**What you will do**
Using the data that follows, return exactly the lines from the one that contains "Estimate the 3-D box of the tie" through the one that contains "[0.870,0.218,3.055,0.028,0.019,0.018,3,3,39]", ends included.

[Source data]

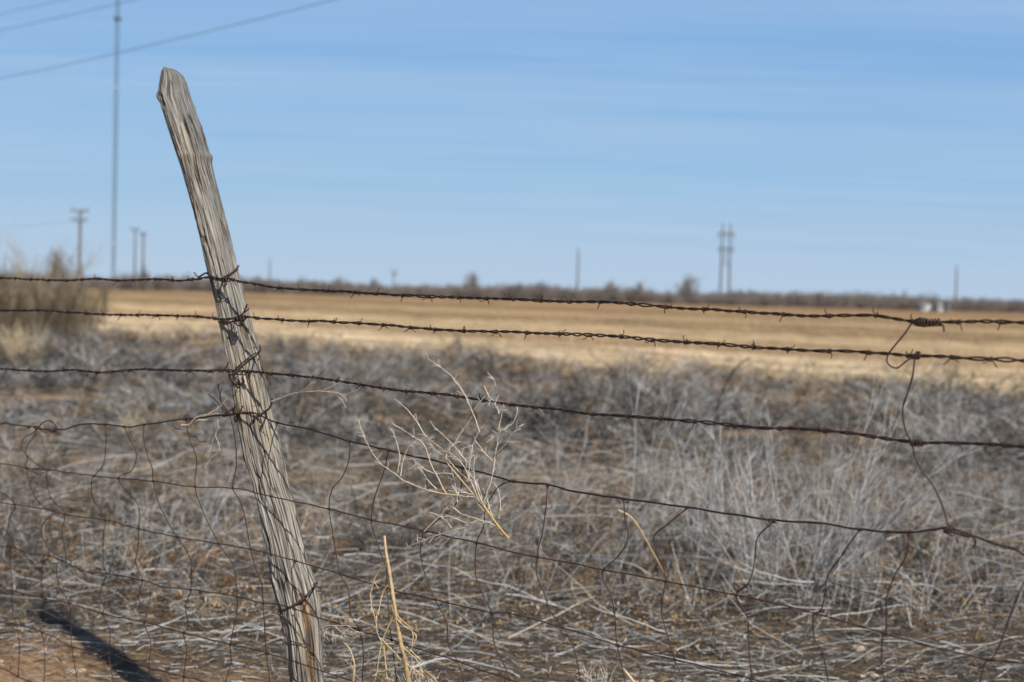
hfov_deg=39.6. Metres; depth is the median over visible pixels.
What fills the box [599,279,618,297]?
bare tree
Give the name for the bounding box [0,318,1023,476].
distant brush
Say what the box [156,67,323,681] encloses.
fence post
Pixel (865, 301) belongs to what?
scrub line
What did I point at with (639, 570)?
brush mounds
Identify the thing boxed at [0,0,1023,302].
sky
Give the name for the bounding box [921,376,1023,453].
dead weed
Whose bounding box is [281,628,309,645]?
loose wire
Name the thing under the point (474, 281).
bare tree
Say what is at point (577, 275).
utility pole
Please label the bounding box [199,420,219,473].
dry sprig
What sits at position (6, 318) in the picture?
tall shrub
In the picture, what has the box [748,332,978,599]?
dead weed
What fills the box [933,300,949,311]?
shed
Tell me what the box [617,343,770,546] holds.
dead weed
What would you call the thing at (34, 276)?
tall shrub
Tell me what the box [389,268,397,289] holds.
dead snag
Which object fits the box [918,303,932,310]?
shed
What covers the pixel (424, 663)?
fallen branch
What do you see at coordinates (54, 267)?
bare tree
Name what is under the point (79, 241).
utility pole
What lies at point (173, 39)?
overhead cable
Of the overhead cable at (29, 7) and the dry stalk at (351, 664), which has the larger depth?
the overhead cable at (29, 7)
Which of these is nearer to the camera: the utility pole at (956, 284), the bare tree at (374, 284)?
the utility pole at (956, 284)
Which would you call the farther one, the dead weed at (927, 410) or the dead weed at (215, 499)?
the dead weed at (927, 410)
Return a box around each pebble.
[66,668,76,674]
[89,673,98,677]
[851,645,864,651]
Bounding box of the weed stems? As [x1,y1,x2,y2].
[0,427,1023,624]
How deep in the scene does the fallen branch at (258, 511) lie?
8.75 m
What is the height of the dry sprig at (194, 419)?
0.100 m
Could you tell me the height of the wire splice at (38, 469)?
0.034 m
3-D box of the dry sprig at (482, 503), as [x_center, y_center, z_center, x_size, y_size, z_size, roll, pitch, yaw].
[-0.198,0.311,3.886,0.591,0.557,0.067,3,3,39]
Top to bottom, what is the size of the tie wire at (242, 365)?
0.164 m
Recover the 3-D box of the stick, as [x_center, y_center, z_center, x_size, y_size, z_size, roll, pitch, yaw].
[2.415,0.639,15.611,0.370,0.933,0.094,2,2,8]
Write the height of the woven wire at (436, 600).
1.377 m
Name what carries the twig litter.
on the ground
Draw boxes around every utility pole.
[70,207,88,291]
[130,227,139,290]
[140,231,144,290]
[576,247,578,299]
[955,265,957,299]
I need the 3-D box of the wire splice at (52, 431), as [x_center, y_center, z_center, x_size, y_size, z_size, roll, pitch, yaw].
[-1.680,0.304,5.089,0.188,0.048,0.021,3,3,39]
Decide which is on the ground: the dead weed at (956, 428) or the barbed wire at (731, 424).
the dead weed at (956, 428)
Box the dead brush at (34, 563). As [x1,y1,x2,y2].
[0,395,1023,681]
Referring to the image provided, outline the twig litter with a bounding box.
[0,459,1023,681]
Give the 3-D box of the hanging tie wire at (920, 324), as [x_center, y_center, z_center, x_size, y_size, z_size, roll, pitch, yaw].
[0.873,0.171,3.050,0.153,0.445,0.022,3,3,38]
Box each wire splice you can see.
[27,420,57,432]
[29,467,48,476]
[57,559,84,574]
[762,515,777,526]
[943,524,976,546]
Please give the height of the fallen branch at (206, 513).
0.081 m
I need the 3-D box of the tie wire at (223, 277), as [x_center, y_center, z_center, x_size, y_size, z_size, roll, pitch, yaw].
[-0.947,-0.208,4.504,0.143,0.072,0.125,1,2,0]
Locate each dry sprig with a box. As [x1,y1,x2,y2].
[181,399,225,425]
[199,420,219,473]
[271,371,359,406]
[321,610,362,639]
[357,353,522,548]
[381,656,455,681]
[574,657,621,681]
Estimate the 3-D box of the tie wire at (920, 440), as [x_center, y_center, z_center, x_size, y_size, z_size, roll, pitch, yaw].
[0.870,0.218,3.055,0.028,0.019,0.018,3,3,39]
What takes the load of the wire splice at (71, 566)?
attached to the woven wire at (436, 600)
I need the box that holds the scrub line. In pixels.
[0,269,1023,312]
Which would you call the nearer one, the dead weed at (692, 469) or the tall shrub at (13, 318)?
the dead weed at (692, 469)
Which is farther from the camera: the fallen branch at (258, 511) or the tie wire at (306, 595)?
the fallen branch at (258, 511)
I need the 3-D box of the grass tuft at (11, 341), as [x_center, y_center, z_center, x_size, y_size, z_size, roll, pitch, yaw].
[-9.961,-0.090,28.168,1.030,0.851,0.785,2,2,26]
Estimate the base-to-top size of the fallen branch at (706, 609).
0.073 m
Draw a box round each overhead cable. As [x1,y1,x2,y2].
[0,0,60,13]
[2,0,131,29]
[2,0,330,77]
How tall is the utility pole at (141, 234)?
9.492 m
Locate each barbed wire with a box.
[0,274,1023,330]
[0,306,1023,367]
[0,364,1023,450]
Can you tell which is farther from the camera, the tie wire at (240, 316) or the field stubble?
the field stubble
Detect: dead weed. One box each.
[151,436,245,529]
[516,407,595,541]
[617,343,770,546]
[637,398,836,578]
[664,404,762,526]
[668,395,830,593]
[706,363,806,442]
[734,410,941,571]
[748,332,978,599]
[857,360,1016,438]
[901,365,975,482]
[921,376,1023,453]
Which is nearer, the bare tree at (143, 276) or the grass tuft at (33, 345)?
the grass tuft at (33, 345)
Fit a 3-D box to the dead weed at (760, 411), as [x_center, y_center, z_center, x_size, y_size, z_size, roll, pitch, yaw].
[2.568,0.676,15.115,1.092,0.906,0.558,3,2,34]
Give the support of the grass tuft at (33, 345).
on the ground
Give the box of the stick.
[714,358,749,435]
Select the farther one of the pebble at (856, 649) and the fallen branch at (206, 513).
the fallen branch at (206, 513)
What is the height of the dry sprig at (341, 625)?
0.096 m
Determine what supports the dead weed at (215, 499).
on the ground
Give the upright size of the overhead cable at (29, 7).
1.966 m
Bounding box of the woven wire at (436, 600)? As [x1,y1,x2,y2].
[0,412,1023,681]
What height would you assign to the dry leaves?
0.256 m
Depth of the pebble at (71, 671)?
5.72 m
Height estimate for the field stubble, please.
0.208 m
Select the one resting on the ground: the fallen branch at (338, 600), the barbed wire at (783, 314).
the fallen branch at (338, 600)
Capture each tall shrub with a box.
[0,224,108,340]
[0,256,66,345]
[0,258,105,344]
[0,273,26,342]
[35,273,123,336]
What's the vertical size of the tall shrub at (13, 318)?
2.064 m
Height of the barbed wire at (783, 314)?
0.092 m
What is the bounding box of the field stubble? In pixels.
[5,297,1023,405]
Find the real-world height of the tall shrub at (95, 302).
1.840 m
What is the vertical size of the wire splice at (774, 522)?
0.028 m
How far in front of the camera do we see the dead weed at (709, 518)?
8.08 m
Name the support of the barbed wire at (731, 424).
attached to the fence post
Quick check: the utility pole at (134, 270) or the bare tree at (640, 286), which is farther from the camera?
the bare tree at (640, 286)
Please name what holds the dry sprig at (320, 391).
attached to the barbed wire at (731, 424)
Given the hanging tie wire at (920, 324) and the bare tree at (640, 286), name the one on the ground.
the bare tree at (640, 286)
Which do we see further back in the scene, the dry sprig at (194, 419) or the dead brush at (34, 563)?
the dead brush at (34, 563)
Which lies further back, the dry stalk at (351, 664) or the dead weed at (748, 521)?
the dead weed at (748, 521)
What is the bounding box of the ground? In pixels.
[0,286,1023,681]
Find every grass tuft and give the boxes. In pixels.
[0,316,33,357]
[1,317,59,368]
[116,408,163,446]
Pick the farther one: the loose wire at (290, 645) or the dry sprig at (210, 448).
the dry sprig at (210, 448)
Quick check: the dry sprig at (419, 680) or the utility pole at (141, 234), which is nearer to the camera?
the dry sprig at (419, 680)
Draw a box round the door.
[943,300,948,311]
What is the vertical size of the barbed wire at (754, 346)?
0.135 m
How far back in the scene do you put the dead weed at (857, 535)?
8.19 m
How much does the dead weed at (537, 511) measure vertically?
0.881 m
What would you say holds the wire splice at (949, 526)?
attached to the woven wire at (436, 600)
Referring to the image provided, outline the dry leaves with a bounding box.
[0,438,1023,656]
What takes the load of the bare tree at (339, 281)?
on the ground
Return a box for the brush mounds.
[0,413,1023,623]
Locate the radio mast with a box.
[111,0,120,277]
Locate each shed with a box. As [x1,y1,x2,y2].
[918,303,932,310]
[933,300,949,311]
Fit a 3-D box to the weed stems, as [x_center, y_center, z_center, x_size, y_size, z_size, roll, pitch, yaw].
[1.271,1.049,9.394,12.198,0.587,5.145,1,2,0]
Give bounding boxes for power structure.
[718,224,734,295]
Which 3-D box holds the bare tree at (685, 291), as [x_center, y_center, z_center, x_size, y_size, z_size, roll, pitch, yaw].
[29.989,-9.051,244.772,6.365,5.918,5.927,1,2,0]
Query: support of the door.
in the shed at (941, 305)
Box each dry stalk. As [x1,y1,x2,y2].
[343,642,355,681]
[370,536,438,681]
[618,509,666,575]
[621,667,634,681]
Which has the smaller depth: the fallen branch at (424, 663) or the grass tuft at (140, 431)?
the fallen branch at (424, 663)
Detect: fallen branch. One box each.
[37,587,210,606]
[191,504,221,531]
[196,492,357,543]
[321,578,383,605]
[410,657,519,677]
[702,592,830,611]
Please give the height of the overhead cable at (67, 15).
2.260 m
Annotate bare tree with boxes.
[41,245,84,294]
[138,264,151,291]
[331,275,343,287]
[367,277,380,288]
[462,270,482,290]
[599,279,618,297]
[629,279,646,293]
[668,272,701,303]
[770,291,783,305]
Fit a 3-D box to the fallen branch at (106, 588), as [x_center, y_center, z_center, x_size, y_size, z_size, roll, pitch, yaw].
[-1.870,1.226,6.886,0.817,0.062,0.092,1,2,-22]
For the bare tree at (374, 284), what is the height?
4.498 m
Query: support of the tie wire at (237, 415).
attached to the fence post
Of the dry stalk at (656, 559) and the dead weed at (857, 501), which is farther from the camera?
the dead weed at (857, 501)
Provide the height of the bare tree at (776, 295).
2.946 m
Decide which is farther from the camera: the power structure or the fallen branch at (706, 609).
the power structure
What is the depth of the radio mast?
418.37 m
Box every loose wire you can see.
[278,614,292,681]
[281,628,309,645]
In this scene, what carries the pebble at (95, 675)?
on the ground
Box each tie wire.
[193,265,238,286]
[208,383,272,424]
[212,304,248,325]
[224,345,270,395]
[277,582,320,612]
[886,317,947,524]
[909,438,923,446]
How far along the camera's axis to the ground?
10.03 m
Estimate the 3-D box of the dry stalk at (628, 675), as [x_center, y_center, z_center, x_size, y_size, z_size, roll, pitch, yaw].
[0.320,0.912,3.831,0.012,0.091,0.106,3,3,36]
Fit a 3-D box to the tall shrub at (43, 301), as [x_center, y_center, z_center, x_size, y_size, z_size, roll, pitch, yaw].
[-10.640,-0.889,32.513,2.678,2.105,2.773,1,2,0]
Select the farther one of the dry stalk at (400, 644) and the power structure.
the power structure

**Output for this task**
Estimate the 3-D box of the tie wire at (920, 440), as [x_center, y_center, z_center, x_size, y_size, z_size, roll, pitch, yaw].
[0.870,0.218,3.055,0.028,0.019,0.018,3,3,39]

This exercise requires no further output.